Фехтовальщик был человеком не слишком высокого роста и носил башмаки на каблуках. Нос его отличался необычайной подвижностью, и ему очень льстило, если посетители обращали внимание на эту особенность его физиономии. Тогда он принимался объяснять, что именно обоняние — основа интуиции и что его нос всегда следил за мельканием шпаги куда лучше, чем глаза, а потому приобрел столь удивительную способность двигаться и даже вращаться.
— В большинстве случаев, — заканчивал маэстро свои объяснения, — я узнаю, где промежуток между ребрами и удалось ли мне попасть в цель, по тому, как подергивается мой нос.
Тут фехтовальщик нежно поглаживал сей важный придаток своего лица: тонкий, белый, словно из мрамора, с широкими ноздрями и острым кончиком.
Прочитав однажды «Трех мушкетеров», он стал носить прическу а-ля Арамис, только волосы у него были светлее. Наш забияка казался очень худым и нервным, а трагический взгляд выдавал в нем человека, всегда готового врачевать свою честь, если кто ее ранит, но лишь одним-единственным доступным ему средством — стальным клинком. Со шпагой фехтовальщик не расставался, и когда в дом заходили чужестранцы, он встречал их, одетый в черное, под собственным портретом, написанным маслом, где был изображен в той позиции, с которой начинал урок: правая нога чуть согнута, обнаженная шпага поднята вверх в знак приветствия. Звали героя Кирино, и ему принадлежал единственный в городе фехтовальный зал.

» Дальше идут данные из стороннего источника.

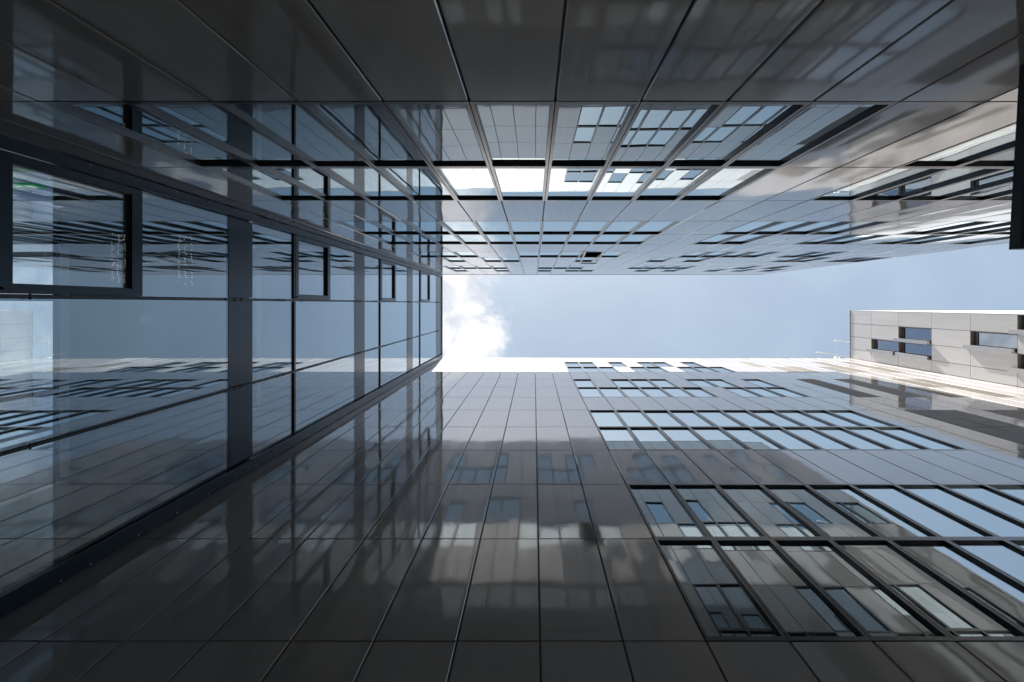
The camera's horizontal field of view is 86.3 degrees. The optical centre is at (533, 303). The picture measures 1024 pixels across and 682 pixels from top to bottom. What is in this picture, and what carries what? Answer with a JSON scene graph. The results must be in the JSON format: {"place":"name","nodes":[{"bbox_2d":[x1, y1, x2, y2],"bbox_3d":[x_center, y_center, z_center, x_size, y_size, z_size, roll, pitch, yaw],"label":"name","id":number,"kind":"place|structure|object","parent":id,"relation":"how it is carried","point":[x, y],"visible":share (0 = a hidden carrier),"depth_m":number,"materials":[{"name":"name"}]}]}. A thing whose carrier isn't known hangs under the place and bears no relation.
{"place":"outdoors","nodes":[
{"label":"outdoors","id":0,"kind":"place"},
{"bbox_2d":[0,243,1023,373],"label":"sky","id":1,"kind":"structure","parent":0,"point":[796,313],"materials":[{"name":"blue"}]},
{"bbox_2d":[849,310,1023,387],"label":"wing building","id":2,"kind":"structure","parent":0,"point":[985,345],"depth_m":22.62,"materials":[{"name":"beige concrete"}]},
{"bbox_2d":[866,339,898,354],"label":"window","id":3,"kind":"structure","parent":2,"relation":"in","point":[889,347],"depth_m":26.66,"materials":[{"name":"blue"}]},
{"bbox_2d":[893,326,931,344],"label":"window","id":4,"kind":"structure","parent":2,"relation":"in","point":[916,335],"depth_m":24.50,"materials":[{"name":"blue"}]},
{"bbox_2d":[894,342,931,359],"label":"window","id":5,"kind":"structure","parent":2,"relation":"in","point":[911,350],"depth_m":24.50,"materials":[{"name":"blue"}]},
{"bbox_2d":[963,331,1017,353],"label":"window","id":6,"kind":"structure","parent":2,"relation":"in","point":[979,340],"depth_m":20.31,"materials":[{"name":"grey"}]},
{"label":"ground","id":7,"kind":"structure","parent":0,"visible":0},
{"bbox_2d":[0,358,1023,681],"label":"office building","id":8,"kind":"structure","parent":7,"relation":"on","point":[648,520],"depth_m":6.82,"materials":[{"name":"grey metal"}]},
{"bbox_2d":[0,371,252,484],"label":"small windows","id":9,"kind":"structure","parent":8,"relation":"in","point":[17,427],"depth_m":13.46,"materials":[{"name":"blue"}]},
{"bbox_2d":[0,134,442,618],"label":"glazed bridge","id":10,"kind":"structure","parent":8,"relation":"attached to","point":[170,392],"depth_m":8.88,"materials":[{"name":"blue glass"}]},
{"bbox_2d":[577,387,603,396],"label":"window","id":11,"kind":"structure","parent":8,"relation":"in","point":[584,391],"depth_m":18.14,"materials":[{"name":"grey"}]},
{"bbox_2d":[589,410,626,426],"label":"window","id":12,"kind":"structure","parent":8,"relation":"in","point":[601,418],"depth_m":13.99,"materials":[{"name":"grey"}]},
{"bbox_2d":[597,387,626,396],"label":"window","id":13,"kind":"structure","parent":8,"relation":"in","point":[606,391],"depth_m":18.15,"materials":[{"name":"grey"}]},
{"bbox_2d":[597,427,643,449],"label":"window","id":14,"kind":"structure","parent":8,"relation":"in","point":[614,438],"depth_m":11.87,"materials":[{"name":"grey"}]},
{"bbox_2d":[618,387,649,396],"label":"window","id":15,"kind":"structure","parent":8,"relation":"in","point":[628,391],"depth_m":18.16,"materials":[{"name":"grey"}]},
{"bbox_2d":[615,410,656,426],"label":"window","id":16,"kind":"structure","parent":8,"relation":"in","point":[631,418],"depth_m":13.99,"materials":[{"name":"grey"}]},
{"bbox_2d":[628,427,679,450],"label":"window","id":17,"kind":"structure","parent":8,"relation":"in","point":[650,438],"depth_m":11.87,"materials":[{"name":"grey"}]},
{"bbox_2d":[639,387,672,396],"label":"window","id":18,"kind":"structure","parent":8,"relation":"in","point":[651,391],"depth_m":18.16,"materials":[{"name":"grey"}]},
{"bbox_2d":[641,410,687,426],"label":"window","id":19,"kind":"structure","parent":8,"relation":"in","point":[661,418],"depth_m":13.99,"materials":[{"name":"grey"}]},
{"bbox_2d":[627,484,711,540],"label":"window","id":20,"kind":"structure","parent":8,"relation":"in","point":[666,516],"depth_m":7.69,"materials":[{"name":"grey glass"}]},
{"bbox_2d":[658,427,715,450],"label":"window","id":21,"kind":"structure","parent":8,"relation":"in","point":[684,438],"depth_m":11.87,"materials":[{"name":"grey"}]},
{"bbox_2d":[668,410,717,426],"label":"window","id":22,"kind":"structure","parent":8,"relation":"in","point":[690,418],"depth_m":13.99,"materials":[{"name":"grey"}]},
{"bbox_2d":[680,387,718,396],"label":"window","id":23,"kind":"structure","parent":8,"relation":"in","point":[696,391],"depth_m":18.18,"materials":[{"name":"grey"}]},
{"bbox_2d":[671,484,769,538],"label":"window","id":24,"kind":"structure","parent":8,"relation":"in","point":[721,518],"depth_m":7.68,"materials":[{"name":"grey"}]},
{"bbox_2d":[689,427,751,450],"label":"window","id":25,"kind":"structure","parent":8,"relation":"in","point":[716,437],"depth_m":11.87,"materials":[{"name":"grey"}]},
{"bbox_2d":[694,410,747,426],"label":"window","id":26,"kind":"structure","parent":8,"relation":"in","point":[719,418],"depth_m":13.99,"materials":[{"name":"grey"}]},
{"bbox_2d":[655,539,788,644],"bbox_3d":[1.852,2.951,5.754,0.712,2.053,0.066,0,-90,0],"label":"window","id":27,"kind":"structure","parent":8,"relation":"in","point":[723,607],"depth_m":5.52,"materials":[{"name":"grey"}]},
{"bbox_2d":[721,387,764,396],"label":"window","id":28,"kind":"structure","parent":8,"relation":"in","point":[740,391],"depth_m":18.15,"materials":[{"name":"grey"}]},
{"bbox_2d":[720,410,778,426],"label":"window","id":29,"kind":"structure","parent":8,"relation":"in","point":[745,417],"depth_m":13.99,"materials":[{"name":"grey"}]},
{"bbox_2d":[719,427,787,450],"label":"window","id":30,"kind":"structure","parent":8,"relation":"in","point":[751,438],"depth_m":11.88,"materials":[{"name":"grey"}]},
{"bbox_2d":[742,387,787,396],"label":"window","id":31,"kind":"structure","parent":8,"relation":"in","point":[765,392],"depth_m":18.14,"materials":[{"name":"grey"}]},
{"bbox_2d":[716,484,827,538],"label":"window","id":32,"kind":"structure","parent":8,"relation":"in","point":[771,515],"depth_m":7.69,"materials":[{"name":"grey"}]},
{"bbox_2d":[747,410,808,426],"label":"window","id":33,"kind":"structure","parent":8,"relation":"in","point":[776,418],"depth_m":13.99,"materials":[{"name":"grey"}]},
{"bbox_2d":[750,427,823,450],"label":"window","id":34,"kind":"structure","parent":8,"relation":"in","point":[779,435],"depth_m":11.88,"materials":[{"name":"grey"}]},
{"bbox_2d":[763,387,810,396],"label":"window","id":35,"kind":"structure","parent":8,"relation":"in","point":[781,390],"depth_m":18.15,"materials":[{"name":"grey"}]},
{"bbox_2d":[712,539,871,643],"bbox_3d":[2.572,2.951,5.754,0.712,2.053,0.066,0,-90,0],"label":"window","id":36,"kind":"structure","parent":8,"relation":"in","point":[802,611],"depth_m":5.53,"materials":[{"name":"grey glass"}]},
{"bbox_2d":[773,410,838,426],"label":"window","id":37,"kind":"structure","parent":8,"relation":"in","point":[804,418],"depth_m":13.94,"materials":[{"name":"grey"}]},
{"bbox_2d":[781,427,859,449],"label":"window","id":38,"kind":"structure","parent":8,"relation":"in","point":[824,441],"depth_m":11.87,"materials":[{"name":"grey"}]},
{"bbox_2d":[760,484,885,538],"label":"window","id":39,"kind":"structure","parent":8,"relation":"in","point":[830,520],"depth_m":7.69,"materials":[{"name":"grey"}]},
{"bbox_2d":[799,410,869,426],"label":"window","id":40,"kind":"structure","parent":8,"relation":"in","point":[835,419],"depth_m":13.99,"materials":[{"name":"grey"}]},
{"bbox_2d":[811,427,895,449],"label":"window","id":41,"kind":"structure","parent":8,"relation":"in","point":[856,440],"depth_m":11.87,"materials":[{"name":"grey"}]},
{"bbox_2d":[771,539,954,642],"bbox_3d":[3.292,2.951,5.754,0.712,2.053,0.066,0,-90,0],"label":"window","id":42,"kind":"structure","parent":8,"relation":"in","point":[884,616],"depth_m":5.53,"materials":[{"name":"grey glass"}]},
{"bbox_2d":[826,410,899,426],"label":"window","id":43,"kind":"structure","parent":8,"relation":"in","point":[852,415],"depth_m":13.95,"materials":[{"name":"grey"}]},
{"bbox_2d":[805,484,943,538],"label":"window","id":44,"kind":"structure","parent":8,"relation":"in","point":[890,524],"depth_m":7.69,"materials":[{"name":"grey"}]},
{"bbox_2d":[842,427,931,449],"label":"window","id":45,"kind":"structure","parent":8,"relation":"in","point":[895,442],"depth_m":11.87,"materials":[{"name":"grey"}]},
{"bbox_2d":[872,427,967,449],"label":"window","id":46,"kind":"structure","parent":8,"relation":"in","point":[932,443],"depth_m":11.87,"materials":[{"name":"grey"}]},
{"bbox_2d":[849,484,1001,538],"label":"window","id":47,"kind":"structure","parent":8,"relation":"in","point":[939,521],"depth_m":7.68,"materials":[{"name":"grey"}]},
{"bbox_2d":[829,539,1023,642],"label":"window","id":48,"kind":"structure","parent":8,"relation":"in","point":[961,616],"depth_m":5.54,"materials":[{"name":"grey"}]},
{"bbox_2d":[887,539,1023,630],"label":"window","id":49,"kind":"structure","parent":8,"relation":"in","point":[1003,594],"depth_m":5.94,"materials":[{"name":"grey glass"}]},
{"bbox_2d":[894,484,1023,538],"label":"window","id":50,"kind":"structure","parent":8,"relation":"in","point":[993,521],"depth_m":7.79,"materials":[{"name":"grey"}]},
{"bbox_2d":[939,484,1023,521],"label":"window","id":51,"kind":"structure","parent":8,"relation":"in","point":[1009,505],"depth_m":8.27,"materials":[{"name":"grey"}]},
{"bbox_2d":[945,539,1023,583],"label":"window","id":52,"kind":"structure","parent":8,"relation":"in","point":[1002,555],"depth_m":6.45,"materials":[{"name":"grey"}]},
{"bbox_2d":[983,484,1023,500],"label":"window","id":53,"kind":"structure","parent":8,"relation":"in","point":[1015,490],"depth_m":8.69,"materials":[{"name":"grey"}]},
{"bbox_2d":[0,0,1023,274],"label":"office building","id":54,"kind":"structure","parent":7,"relation":"on","point":[604,136],"depth_m":4.83,"materials":[{"name":"silver metal"}]},
{"bbox_2d":[39,100,255,166],"bbox_3d":[-3.524,-1.606,5.282,0.663,2.053,0.066,0,-90,0],"label":"window","id":55,"kind":"structure","parent":54,"relation":"in","point":[122,118],"depth_m":5.08,"materials":[{"name":"grey"}]},
{"bbox_2d":[125,99,314,166],"bbox_3d":[-2.854,-1.606,5.282,0.663,2.053,0.066,0,-90,0],"label":"window","id":56,"kind":"structure","parent":54,"relation":"in","point":[207,121],"depth_m":5.08,"materials":[{"name":"grey"}]},
{"bbox_2d":[200,167,324,200],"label":"window","id":57,"kind":"structure","parent":54,"relation":"in","point":[255,178],"depth_m":7.26,"materials":[{"name":"grey"}]},
{"bbox_2d":[211,100,372,166],"bbox_3d":[-2.183,-1.606,5.282,0.663,2.053,0.066,0,-90,0],"label":"window","id":58,"kind":"structure","parent":54,"relation":"in","point":[287,123],"depth_m":5.07,"materials":[{"name":"grey"}]},
{"bbox_2d":[258,167,368,200],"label":"window","id":59,"kind":"structure","parent":54,"relation":"in","point":[312,180],"depth_m":7.26,"materials":[{"name":"blue"}]},
{"bbox_2d":[333,220,393,234],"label":"window","id":60,"kind":"structure","parent":54,"relation":"in","point":[364,227],"depth_m":11.54,"materials":[{"name":"blue"}]},
{"bbox_2d":[297,98,431,166],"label":"window","id":61,"kind":"structure","parent":54,"relation":"in","point":[369,128],"depth_m":5.08,"materials":[{"name":"blue"}]},
{"bbox_2d":[316,167,412,200],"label":"window","id":62,"kind":"structure","parent":54,"relation":"in","point":[368,182],"depth_m":7.25,"materials":[{"name":"blue"}]},
{"bbox_2d":[13,221,726,271],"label":"small windows","id":63,"kind":"structure","parent":54,"relation":"in","point":[24,232],"depth_m":17.14,"materials":[{"name":"blue"}]},
{"bbox_2d":[367,235,411,243],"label":"window","id":64,"kind":"structure","parent":54,"relation":"in","point":[389,239],"depth_m":13.69,"materials":[{"name":"blue"}]},
{"bbox_2d":[368,220,423,234],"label":"window","id":65,"kind":"structure","parent":54,"relation":"in","point":[394,227],"depth_m":11.55,"materials":[{"name":"blue"}]},
{"bbox_2d":[375,167,456,200],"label":"window","id":66,"kind":"structure","parent":54,"relation":"in","point":[418,183],"depth_m":7.27,"materials":[{"name":"blue"}]},
{"bbox_2d":[396,235,437,243],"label":"window","id":67,"kind":"structure","parent":54,"relation":"in","point":[414,239],"depth_m":13.70,"materials":[{"name":"blue"}]},
{"bbox_2d":[403,221,452,234],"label":"window","id":68,"kind":"structure","parent":54,"relation":"in","point":[424,227],"depth_m":11.55,"materials":[{"name":"blue"}]},
{"bbox_2d":[384,97,489,166],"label":"window","id":69,"kind":"structure","parent":54,"relation":"in","point":[447,134],"depth_m":5.07,"materials":[{"name":"grey"}]},
{"bbox_2d":[425,235,463,243],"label":"window","id":70,"kind":"structure","parent":54,"relation":"in","point":[440,239],"depth_m":13.73,"materials":[{"name":"blue"}]},
{"bbox_2d":[438,220,481,234],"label":"window","id":71,"kind":"structure","parent":54,"relation":"in","point":[455,227],"depth_m":11.56,"materials":[{"name":"blue"}]},
{"bbox_2d":[433,167,500,200],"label":"window","id":72,"kind":"structure","parent":54,"relation":"in","point":[465,183],"depth_m":7.26,"materials":[{"name":"grey"}]},
{"bbox_2d":[454,235,488,243],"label":"window","id":73,"kind":"structure","parent":54,"relation":"in","point":[466,239],"depth_m":13.70,"materials":[{"name":"blue"}]},
{"bbox_2d":[473,219,511,234],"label":"window","id":74,"kind":"structure","parent":54,"relation":"in","point":[485,227],"depth_m":11.54,"materials":[{"name":"blue"}]},
{"bbox_2d":[483,235,514,243],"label":"window","id":75,"kind":"structure","parent":54,"relation":"in","point":[492,239],"depth_m":13.71,"materials":[{"name":"blue"}]},
{"bbox_2d":[470,97,554,166],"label":"window","id":76,"kind":"structure","parent":54,"relation":"in","point":[512,133],"depth_m":5.08,"materials":[{"name":"grey"}]},
{"bbox_2d":[491,167,547,200],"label":"window","id":77,"kind":"structure","parent":54,"relation":"in","point":[512,183],"depth_m":7.25,"materials":[{"name":"grey"}]},
{"bbox_2d":[508,221,541,234],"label":"window","id":78,"kind":"structure","parent":54,"relation":"in","point":[516,227],"depth_m":11.54,"materials":[{"name":"blue"}]},
{"bbox_2d":[512,235,540,243],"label":"window","id":79,"kind":"structure","parent":54,"relation":"in","point":[518,239],"depth_m":13.71,"materials":[{"name":"blue"}]},
{"bbox_2d":[540,235,569,243],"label":"window","id":80,"kind":"structure","parent":54,"relation":"in","point":[545,239],"depth_m":13.71,"materials":[{"name":"blue"}]},
{"bbox_2d":[541,221,576,234],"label":"window","id":81,"kind":"structure","parent":54,"relation":"in","point":[548,227],"depth_m":11.54,"materials":[{"name":"blue"}]},
{"bbox_2d":[545,163,605,200],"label":"window","id":82,"kind":"structure","parent":54,"relation":"in","point":[563,183],"depth_m":7.25,"materials":[{"name":"grey"}]},
{"bbox_2d":[566,235,598,243],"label":"window","id":83,"kind":"structure","parent":54,"relation":"in","point":[573,239],"depth_m":13.70,"materials":[{"name":"blue"}]},
{"bbox_2d":[571,221,611,234],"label":"window","id":84,"kind":"structure","parent":54,"relation":"in","point":[581,227],"depth_m":11.56,"materials":[{"name":"blue"}]},
{"bbox_2d":[549,97,640,166],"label":"window","id":85,"kind":"structure","parent":54,"relation":"in","point":[584,133],"depth_m":5.08,"materials":[{"name":"grey"}]},
{"bbox_2d":[591,235,627,243],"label":"window","id":86,"kind":"structure","parent":54,"relation":"in","point":[601,239],"depth_m":13.69,"materials":[{"name":"blue"}]},
{"bbox_2d":[600,221,646,234],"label":"window","id":87,"kind":"structure","parent":54,"relation":"in","point":[616,227],"depth_m":11.54,"materials":[{"name":"blue"}]},
{"bbox_2d":[589,167,663,200],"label":"window","id":88,"kind":"structure","parent":54,"relation":"in","point":[615,183],"depth_m":7.25,"materials":[{"name":"grey"}]},
{"bbox_2d":[617,235,656,243],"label":"window","id":89,"kind":"structure","parent":54,"relation":"in","point":[630,239],"depth_m":13.71,"materials":[{"name":"blue"}]},
{"bbox_2d":[630,220,681,234],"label":"window","id":90,"kind":"structure","parent":54,"relation":"in","point":[650,227],"depth_m":11.54,"materials":[{"name":"blue"}]},
{"bbox_2d":[607,98,726,166],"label":"window","id":91,"kind":"structure","parent":54,"relation":"in","point":[657,131],"depth_m":5.07,"materials":[{"name":"blue glass"}]},
{"bbox_2d":[633,167,721,200],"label":"window","id":92,"kind":"structure","parent":54,"relation":"in","point":[671,183],"depth_m":7.26,"materials":[{"name":"grey"}]},
{"bbox_2d":[694,234,743,243],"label":"window","id":93,"kind":"structure","parent":54,"relation":"in","point":[717,239],"depth_m":13.65,"materials":[{"name":"blue"}]},
{"bbox_2d":[676,167,779,200],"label":"window","id":94,"kind":"structure","parent":54,"relation":"in","point":[726,181],"depth_m":7.26,"materials":[{"name":"grey"}]},
{"bbox_2d":[665,98,812,166],"bbox_3d":[1.842,-1.606,5.282,0.663,2.053,0.066,0,-90,0],"label":"window","id":95,"kind":"structure","parent":54,"relation":"in","point":[736,126],"depth_m":5.08,"materials":[{"name":"blue glass"}]},
{"bbox_2d":[720,235,772,243],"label":"window","id":96,"kind":"structure","parent":54,"relation":"in","point":[744,239],"depth_m":13.61,"materials":[{"name":"blue"}]},
{"bbox_2d":[718,221,787,234],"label":"window","id":97,"kind":"structure","parent":54,"relation":"in","point":[754,226],"depth_m":11.53,"materials":[{"name":"blue"}]},
{"bbox_2d":[747,221,822,234],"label":"window","id":98,"kind":"structure","parent":54,"relation":"in","point":[790,225],"depth_m":11.55,"materials":[{"name":"blue"}]},
{"bbox_2d":[723,99,898,166],"bbox_3d":[2.513,-1.606,5.282,0.663,2.053,0.066,0,-90,0],"label":"window","id":99,"kind":"structure","parent":54,"relation":"in","point":[819,122],"depth_m":5.08,"materials":[{"name":"grey"}]},
{"bbox_2d":[777,221,857,234],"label":"window","id":100,"kind":"structure","parent":54,"relation":"in","point":[824,225],"depth_m":11.55,"materials":[{"name":"blue"}]},
{"bbox_2d":[796,235,859,243],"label":"window","id":101,"kind":"structure","parent":54,"relation":"in","point":[831,238],"depth_m":13.61,"materials":[{"name":"blue"}]},
{"bbox_2d":[806,221,892,234],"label":"window","id":102,"kind":"structure","parent":54,"relation":"in","point":[860,224],"depth_m":11.54,"materials":[{"name":"grey"}]},
{"bbox_2d":[822,234,889,243],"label":"window","id":103,"kind":"structure","parent":54,"relation":"in","point":[862,237],"depth_m":13.60,"materials":[{"name":"grey"}]},
{"bbox_2d":[808,167,953,200],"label":"window","id":104,"kind":"structure","parent":54,"relation":"in","point":[896,176],"depth_m":7.25,"materials":[{"name":"grey"}]},
{"bbox_2d":[872,235,947,243],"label":"window","id":105,"kind":"structure","parent":54,"relation":"in","point":[920,237],"depth_m":13.61,"materials":[{"name":"grey"}]},
{"bbox_2d":[852,167,1011,200],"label":"window","id":106,"kind":"structure","parent":54,"relation":"in","point":[954,175],"depth_m":7.26,"materials":[{"name":"grey"}]},
{"bbox_2d":[899,235,976,243],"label":"window","id":107,"kind":"structure","parent":54,"relation":"in","point":[949,237],"depth_m":13.60,"materials":[{"name":"grey"}]},
{"bbox_2d":[894,221,997,234],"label":"window","id":108,"kind":"structure","parent":54,"relation":"in","point":[962,224],"depth_m":11.53,"materials":[{"name":"grey"}]},
{"bbox_2d":[896,167,1013,200],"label":"window","id":109,"kind":"structure","parent":54,"relation":"in","point":[1005,176],"depth_m":7.50,"materials":[{"name":"grey"}]},
{"bbox_2d":[897,122,1015,166],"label":"window","id":110,"kind":"structure","parent":54,"relation":"in","point":[1002,139],"depth_m":5.69,"materials":[{"name":"grey"}]},
{"bbox_2d":[924,221,1009,234],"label":"window","id":111,"kind":"structure","parent":54,"relation":"in","point":[1000,223],"depth_m":11.65,"materials":[{"name":"grey"}]},
{"bbox_2d":[940,182,1012,200],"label":"window","id":112,"kind":"structure","parent":54,"relation":"in","point":[1005,189],"depth_m":8.01,"materials":[{"name":"grey"}]},
{"bbox_2d":[954,225,1009,234],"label":"window","id":113,"kind":"structure","parent":54,"relation":"in","point":[1004,228],"depth_m":12.06,"materials":[{"name":"grey"}]},
{"bbox_2d":[957,148,1014,166],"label":"window","id":114,"kind":"structure","parent":54,"relation":"in","point":[1006,158],"depth_m":6.18,"materials":[{"name":"grey"}]},
{"bbox_2d":[1009,63,1023,249],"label":"canopy","id":115,"kind":"object","parent":54,"relation":"attached to","point":[1016,240],"visible":1,"depth_m":3.56,"materials":[{"name":"black"}]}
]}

Молодежь в последние годы потеряла всякий интерес к его искусству и с большим удовольствием стреляла в тире из луков и ружей.
Дону Леону хотелось посмотреть развалины старого моста, он объяснил Тадео, что видел однажды гравюру, изображавшую это место: на ограде первого пролета сидит человек с гитарой и перебирает струны. Но вечер выдался дождливым, и задуманную прогулку пришлось отложить. И вот тогда нищий посоветовал чужестранцу заглянуть в зал Кирино. По правде говоря, Тадео не терпелось узнать, хорошо ли его друг в синем камзоле владеет шпагой, ведь по городу ходили слухи, что удар Ореста, когда тот явится для отмщения, будет неотразим и могуч.